Deb Groskreutz

Deb Groskreutz has 20 years of experience in Information Technology, Bioinformatics, software development, and validation in the regulated Life Sciences industry.

Deb entered the field of bioinformatics and database systems after doing molecular biology research in pharmaceutical and biotech environments. She is an accomplished scientist and author, having published in peer-reviewed journals such as the Journal of Biological Chemistry and Human Gene Therapy. Deb specializes in custom software development, bioinformatics, data delivery methods, and relational databases. As a Developer, Database Administrator, and Compliance Consultant, she develops, installs, customizes, and validates software for regulated companies around the world.

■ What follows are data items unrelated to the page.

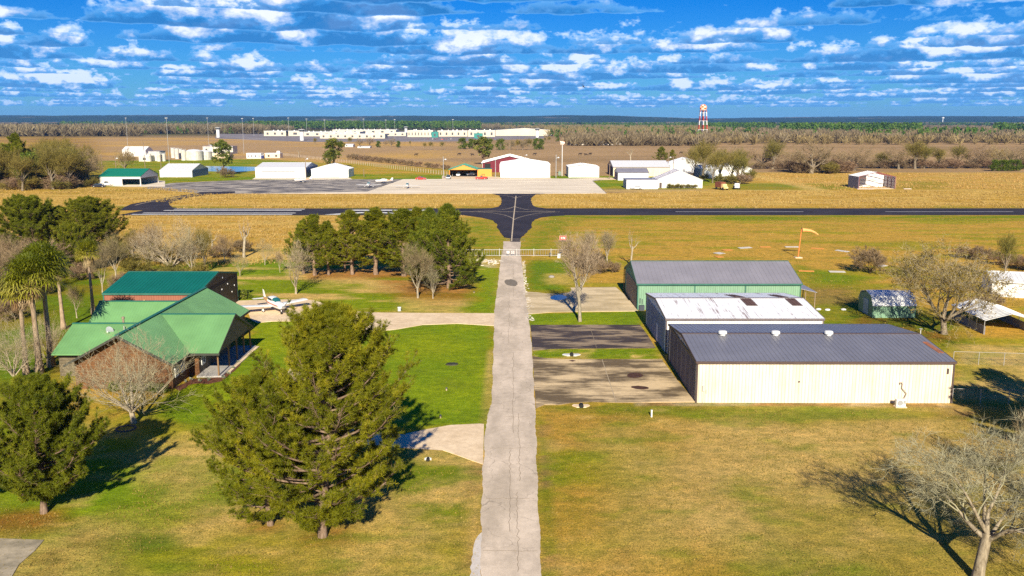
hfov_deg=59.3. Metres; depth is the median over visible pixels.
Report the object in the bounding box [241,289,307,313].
light airplane
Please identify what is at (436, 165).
twiggy bush
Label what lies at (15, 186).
twiggy bush
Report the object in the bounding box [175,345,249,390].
mulch bed
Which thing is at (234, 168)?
pond
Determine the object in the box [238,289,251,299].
shrub
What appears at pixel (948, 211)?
runway centre line
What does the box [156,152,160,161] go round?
storage tank
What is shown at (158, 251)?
bare tree
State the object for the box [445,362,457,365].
drain lid
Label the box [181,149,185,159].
storage tank
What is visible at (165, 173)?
barn door
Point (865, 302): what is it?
door
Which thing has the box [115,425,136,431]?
tree ring
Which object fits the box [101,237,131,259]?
twiggy bush
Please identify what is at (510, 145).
bare oak tree
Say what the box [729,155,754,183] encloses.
bare tree
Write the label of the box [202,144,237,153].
works building
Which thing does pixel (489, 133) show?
prison building
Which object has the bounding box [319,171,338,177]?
hangar door
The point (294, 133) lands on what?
prison building
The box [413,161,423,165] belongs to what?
twiggy bush
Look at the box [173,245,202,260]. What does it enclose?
twiggy bush
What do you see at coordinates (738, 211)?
runway centre line
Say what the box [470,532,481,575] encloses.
road
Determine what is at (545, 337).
driveway
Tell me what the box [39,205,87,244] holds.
pine tree
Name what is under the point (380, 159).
twiggy bush
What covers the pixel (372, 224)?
pine tree
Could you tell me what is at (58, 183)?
twiggy bush
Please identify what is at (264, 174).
hangar door
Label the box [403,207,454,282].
pine tree
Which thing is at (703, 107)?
water tower
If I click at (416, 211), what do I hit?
pine tree
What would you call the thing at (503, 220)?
taxiway
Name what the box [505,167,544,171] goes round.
bifold door
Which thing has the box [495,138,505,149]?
evergreen tree
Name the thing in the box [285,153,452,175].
post fence
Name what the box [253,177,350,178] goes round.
apron
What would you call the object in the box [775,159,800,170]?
twiggy bush
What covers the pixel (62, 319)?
palm tree
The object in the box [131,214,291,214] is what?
threshold marking
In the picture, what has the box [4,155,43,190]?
bare tree
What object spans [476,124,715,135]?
bare woods
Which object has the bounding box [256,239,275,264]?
bare tree
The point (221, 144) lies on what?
pine tree
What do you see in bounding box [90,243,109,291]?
bare tree
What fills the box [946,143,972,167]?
bare tree
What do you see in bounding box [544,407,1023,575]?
lawn grass
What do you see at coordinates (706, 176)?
twiggy bush
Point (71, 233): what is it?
pine tree
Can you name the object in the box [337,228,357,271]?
pine tree
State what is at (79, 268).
twiggy bush
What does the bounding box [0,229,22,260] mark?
bare tree
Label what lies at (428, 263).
bare tree
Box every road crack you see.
[509,450,510,530]
[512,353,513,432]
[516,492,519,569]
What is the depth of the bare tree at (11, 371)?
86.11 m
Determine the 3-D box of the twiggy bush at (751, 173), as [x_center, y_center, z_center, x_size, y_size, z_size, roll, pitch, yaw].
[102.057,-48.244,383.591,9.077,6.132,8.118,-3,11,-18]
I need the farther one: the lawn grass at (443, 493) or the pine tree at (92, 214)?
the pine tree at (92, 214)
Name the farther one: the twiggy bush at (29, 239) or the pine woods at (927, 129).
the pine woods at (927, 129)
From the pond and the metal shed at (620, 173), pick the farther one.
the pond
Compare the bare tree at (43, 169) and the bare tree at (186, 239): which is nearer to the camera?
the bare tree at (186, 239)
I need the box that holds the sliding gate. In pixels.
[467,249,567,255]
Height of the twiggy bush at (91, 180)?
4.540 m
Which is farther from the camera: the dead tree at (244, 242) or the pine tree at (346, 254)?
the dead tree at (244, 242)
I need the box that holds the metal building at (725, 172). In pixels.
[719,163,751,178]
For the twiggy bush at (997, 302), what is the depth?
122.08 m
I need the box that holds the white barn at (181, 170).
[159,164,207,176]
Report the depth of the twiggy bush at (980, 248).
164.19 m
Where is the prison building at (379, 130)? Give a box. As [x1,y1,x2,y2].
[332,129,398,132]
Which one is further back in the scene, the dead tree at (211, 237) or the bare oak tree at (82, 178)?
the bare oak tree at (82, 178)
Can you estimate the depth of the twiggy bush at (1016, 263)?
153.54 m
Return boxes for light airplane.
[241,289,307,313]
[294,176,311,181]
[356,182,380,186]
[375,178,392,182]
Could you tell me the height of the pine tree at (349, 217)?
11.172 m
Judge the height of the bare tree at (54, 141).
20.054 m
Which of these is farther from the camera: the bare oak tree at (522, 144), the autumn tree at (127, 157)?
the bare oak tree at (522, 144)
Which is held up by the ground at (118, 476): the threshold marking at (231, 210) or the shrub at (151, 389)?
the shrub at (151, 389)
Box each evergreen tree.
[0,143,14,178]
[10,146,40,175]
[14,150,47,188]
[456,138,468,148]
[467,138,474,148]
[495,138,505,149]
[532,138,538,149]
[537,138,543,149]
[988,159,1001,170]
[996,159,1010,170]
[1005,159,1016,170]
[1010,159,1023,170]
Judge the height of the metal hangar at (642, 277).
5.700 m
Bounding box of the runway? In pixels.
[121,208,1023,214]
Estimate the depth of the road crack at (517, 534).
54.88 m
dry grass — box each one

Deb served as a Principal Software Engineer for more than 10 years at a leading developer, manufacturer, and supplier of diagnostic and medical products. She was the software/IT representative on the team that developed the internal Software Development Life Cycle (SDLC) processes to ensure compliance with US FDA regulatory standards and guidelines. She then used the risk-based SDLC process in the development, integration, and implementation of custom and off-the-shelf software solutions for Quality Control, Quality Assurance, Research, Manufacturing, and Clinical Trial departments. In her role as the Lead Developer, Deb created and used coding standards, testing, traceability, and 21 CFR Part 11 sign-off tools and mechanisms to confirm that all custom and off-the-shelf software were validated and approved before release into the production environment. The custom database and web interface application project that Deb most recently led became the Quality Control and Quality Assurance (QC/QA) sign-off/release, tracking, and trending tool for clinical testing kits; it has been in production for over 9 years.